INPUT DATA:
•••••

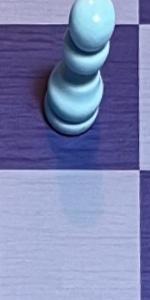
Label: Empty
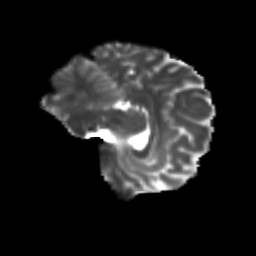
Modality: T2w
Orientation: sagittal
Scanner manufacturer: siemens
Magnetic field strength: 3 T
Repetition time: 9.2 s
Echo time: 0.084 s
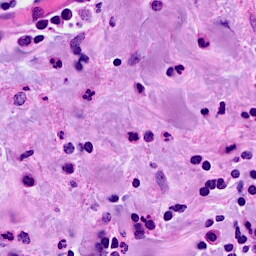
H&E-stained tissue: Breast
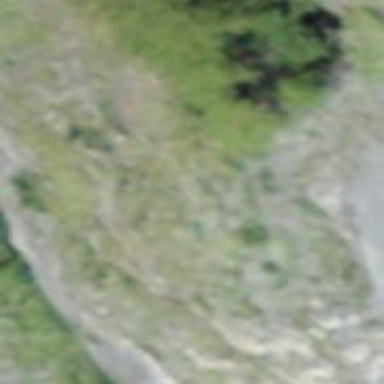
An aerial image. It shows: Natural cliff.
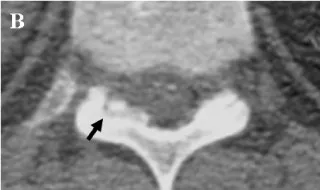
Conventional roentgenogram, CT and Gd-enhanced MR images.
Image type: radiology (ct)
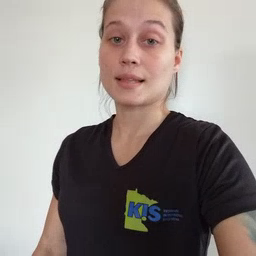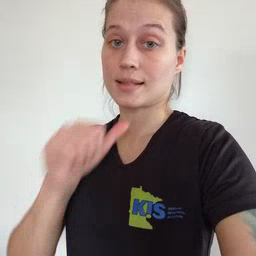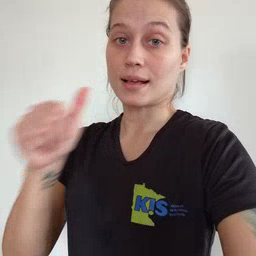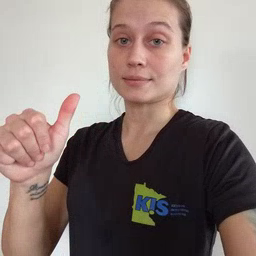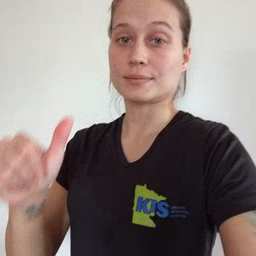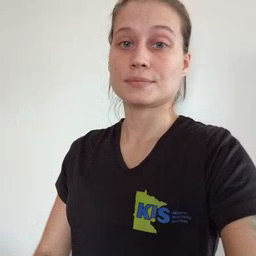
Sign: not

•••••

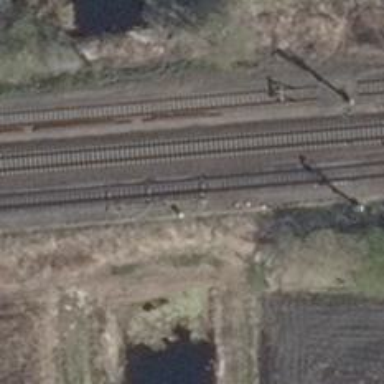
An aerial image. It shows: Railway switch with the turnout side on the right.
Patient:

•••••

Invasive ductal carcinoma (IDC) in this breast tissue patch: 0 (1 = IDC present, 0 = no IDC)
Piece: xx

•••••

EXERCISE:
Only one stretch of the listing above is to be duplicated: the lines from the one containing "Modality: T2w" through the one containing "H&E-stained tissue: Breast", both included. Copy them exactly, minus the pictures.

RESPONSE:
Modality: T2w
Orientation: sagittal
Scanner manufacturer: siemens
Magnetic field strength: 3 T
Repetition time: 9.2 s
Echo time: 0.084 s
H&E-stained tissue: Breast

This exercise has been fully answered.